Make sure your memory card has enough space to store your entire time-lapse sequence. Using a 16GB or 32GB memory card or larger is a good idea. Canon cameras will tell you how many frames you can take with your memory card and file type settings. Look at the window on the top of the camera or the menu where you set the file type. Once you have the number of frames, you can determine the possible video length.

Battery Power

Make sure your battery will last for the entire time you want to photograph your time-lapse. For my Canon 5D Mark IV and EOS-1D X Mark II, a battery in good condition lasts a little over four hours. It can last less time in cold weather. Adding a battery grip allows for using two batteries in applicable camera bodies like the 5D Mark IV and I find these last for at least eight hours. Additionally, you can use an external power supply, however, I have not found the need to photograph more than eight hours. In addition to having a fully charged battery, the charge it will hold can be checked in the Tools menu on your camera under Check Battery. Select that to see if you have green or red lights for the battery life. Green is good. Red means it will not last as long as four hours or shoot as fast for doing continuous high-speed shooting that is often used with wildlife and sports.

Sturdy Tripod

I have accidently knocked my tripod in the middle of a time-lapse while adjusting exposures, so be careful to keep the tripod in place. As a result, I could only use sequences either before or after I bumped the tripod.

Using a lightweight tripod works for landscape photography but for not very well for 30-second exposures that can be easily bumped or moved in the wind, ruining your time-lapse sequence. Use a heavy tripod, or steady your tripod with your camera bag or something heavy from the hook at the bottom of the center column of your tripod.

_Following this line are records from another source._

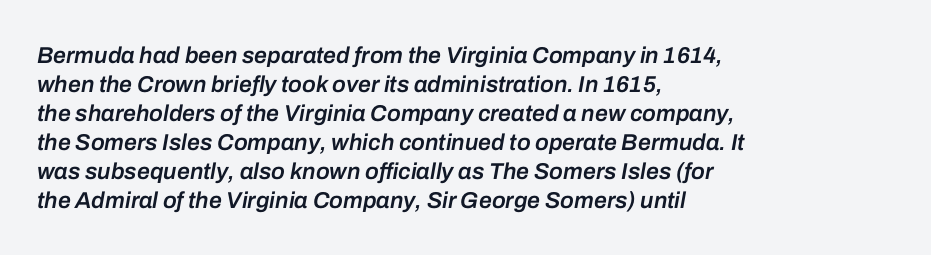
Q: Is the text bold? A: Semi-bold.
Q: Is the text italic (slanted)? A: Yes, it leans right by about 10 degrees.
Q: Is the text underlined? A: No.
Q: How is the paragraph aligned? A: Left-aligned.
Q: Is the spacing between letters normal or unusually wide? A: Normal.
Q: Is the spacing between lines tight, normal or loose? A: Normal.
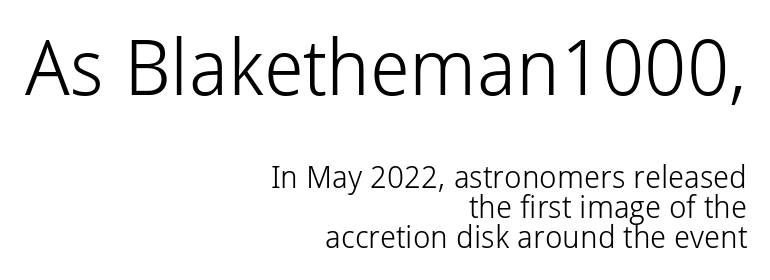
Q: Is the text bold? A: No.
Q: Is the text italic (slanted)? A: No, it is upright.
Q: Is the typeface a serif or a sans-serif typeface? A: Sans-serif.
Q: Is the text underlined? A: No.
Q: How is the paragraph aligned? A: Right-aligned.
Q: Is the spacing between letters normal or unusually wide? A: Normal.
Q: Is the spacing between lines tight, normal or loose? A: Tight.
Q: Which block of text is set in a larger size, the first (top) or the second (bottom)? A: The first (top) one.
Q: Width (condensed, normal, or wide)? A: Normal.
Q: Stroke contrast? A: Low.
Q: x-height? A: Medium.
Q: Monospaced? A: No.

CREATING IN-CAMERA MOVEMENT

There are a several options for advanced time-lapse techniques to have the camera move for more dramatic effect. To create in-camera movement, use photographic rails with motion control to move the camera from one position to another while shooting. Another option is to use a device that rotates the camera, changing the viewpoint, while photographing the sequence.

POST PROCESSING

Process your night images. If unexpected light is on the foreground, it will show up as a flash of light in the video. If the foreground is black, use the brush tool in processing to paint it black. If the foreground is lit, clone the foreground from another exposure into the one that has the unwanted light on it.

CREATING JPG SEQUENCE

Make JPG files from your RAW files that you want to use in your time-lapse sequence. There are many options for doing this. If you shot as JPG with a resolution of 1920x1080, then you don’t need to convert to JPG or make it smaller.

Choose images that are in a continuous sequence without interruption. You do not want distracting car headlights, bright lights or changes in composition from tripod movement.

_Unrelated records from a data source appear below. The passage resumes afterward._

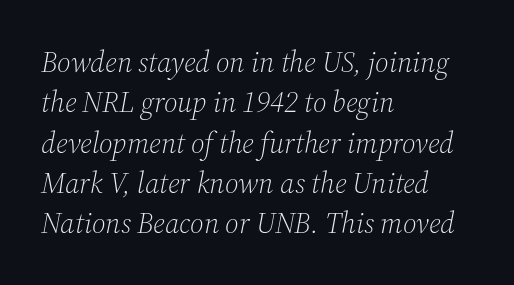
Q: Is the text bold? A: No.
Q: Is the text italic (slanted)? A: Yes, it leans right by about 12 degrees.
Q: Is the typeface a serif or a sans-serif typeface? A: Serif.
Q: Is the text underlined? A: No.
Q: How is the paragraph aligned? A: Left-aligned.
Q: Is the spacing between letters normal or unusually wide? A: Normal.
Q: Is the spacing between lines tight, normal or loose? A: Normal.
Q: Width (condensed, normal, or wide)? A: Normal.
Q: Stroke contrast? A: Medium.
Q: x-height? A: Medium.
Q: Monospaced? A: No.
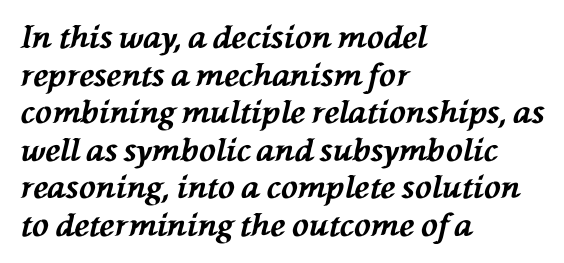
A typesetter would call this proportional, since set widths differ per character. Quick note: italic. The tracking reads as untouched default to a designer's eye. Heft: maximum for text — a bold.
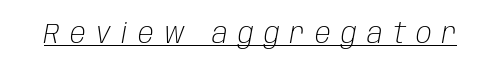
Q: Is the text bold? A: No.
Q: Is the text italic (slanted)? A: Yes, it leans right by about 10 degrees.
Q: Is the text underlined? A: Yes.
Q: Is the spacing between letters normal or unusually wide? A: Unusually wide.
Q: Width (condensed, normal, or wide)? A: Condensed.
Q: Stroke contrast? A: Low.
Q: x-height? A: Large.
Q: Monospaced? A: No.

In Adobe® Bridge® or Lightroom® select the first image in the sequence you want to convert, hold down the Shift key and click on the last image of the sequence. Now with the sequence selected:

  • In the Bridge, choose from the menu Tools > Photoshop > Image Processor
  • In the dialog box select: “Save in Same Location” radio button, by File Type select “Save as JPG,” in Quality type desired such as 10 or 12, Check “include ICC Profile” and use sRGB. Click Run. In Lightroom, from the menu select File > Export. In the Export To drop-down menu, select “Same Folder as original photo.” In the Image Format drop-down menu, select JPG. From Color Space drop-down select sRGB. In Image Sizing select 1920 x 1080.
  • For both the Bridge and Lightroom your new JPG images will be put in a new JPG folder at the same location.

DPP Digital Professional Photo: You can convert your RAW files to JPGs with free Canon software that comes with your camera. To download it from the Canon USA website click on any camera, click on Drivers and Downloads and then Digital Professional Photo.

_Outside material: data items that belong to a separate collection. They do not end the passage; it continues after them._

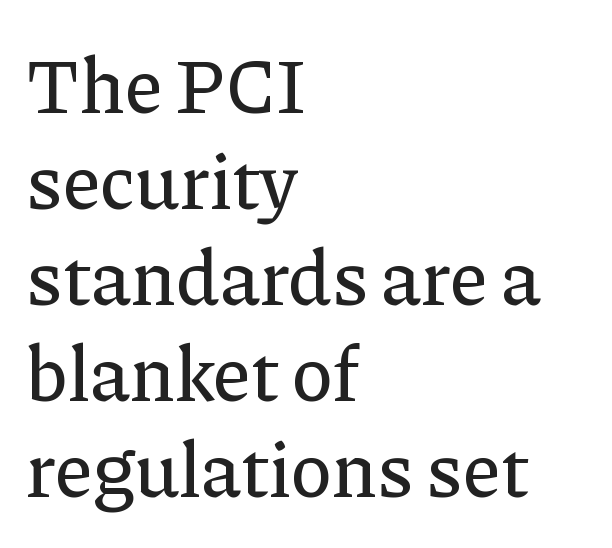
Q: Is the text italic (slanted)? A: No, it is upright.
Q: Is the typeface a serif or a sans-serif typeface? A: Serif.
Q: Is the text underlined? A: No.
Q: How is the paragraph aligned? A: Left-aligned.
Q: Is the spacing between letters normal or unusually wide? A: Normal.
Q: Width (condensed, normal, or wide)? A: Normal.
Q: Stroke contrast? A: Low.
Q: x-height? A: Medium.
Q: Monospaced? A: No.
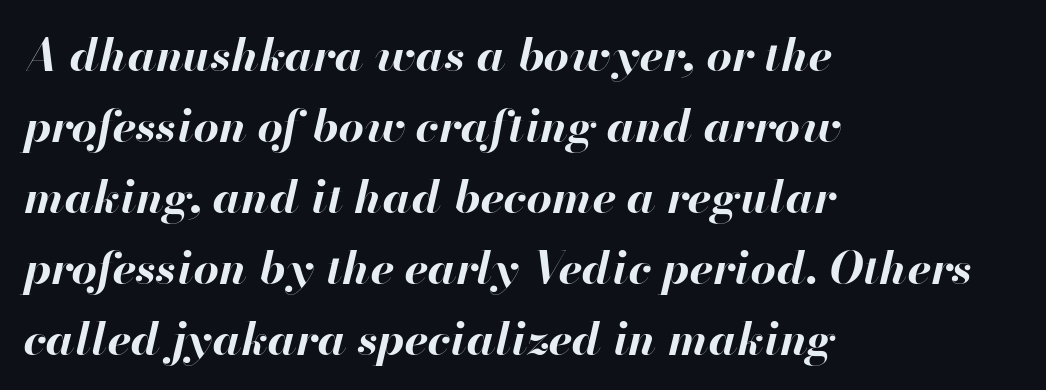
Check under the words: just untouched page. The line texture is even and compact thanks to regular tracking. This sample keeps an unexceptional amount of space between lines. These lines were composed using italics. A dark, heavy texture on the line: the type is bold.
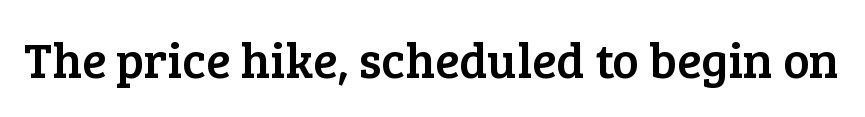
Spacing between characters is what you'd get straight out of the box. This rendering employs a face with finishing strokes, i.e., a serif. Each letter keeps its own natural width here, so spacing adapts to shape. Bare-footed words on every line. When letters stand straight like this, we call the style roman or upright.
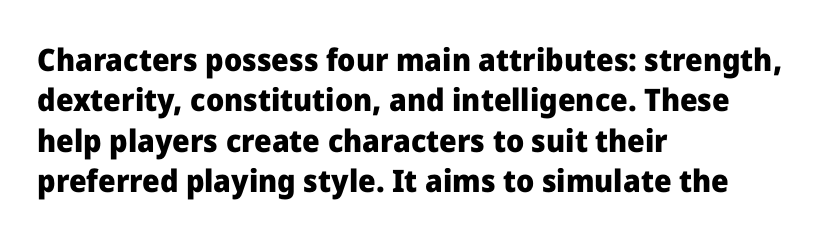
{"serif": "no", "italic": "no", "bold": "yes", "weight": "heavy", "width": "normal", "stroke_contrast": "low", "x_height": "medium", "monospaced": "no", "underline": "no", "align": "left", "line_spacing": "normal", "line_spacing_ratio": 1.3, "letter_spacing": "normal", "letter_spacing_em": 0.0, "glyph_px": 31}

MAKE A TIME-LAPSE VIDEO FROM STILL PHOTOS

There are many options for converting your JPG still photographs into a video. Here are a few that work well:

  • Time Lapse Assembler: Free Mac app that is very easy to use
  • VirtualDub: Free Windows app
  • Adobe Premiere Elements: Fee based app
  • Adobe Photoshop and Lightroom: Pricey fee subscription. Use to make your JPG files using Adobe Bridge or Lightroom. Photoshop can make time-lapse videos of your sequence.
  • Adobe After Effects and Final Cut Pro: These pricey apps are more complicated but allow advanced editing including assembling several time-lapse videos together as a movie.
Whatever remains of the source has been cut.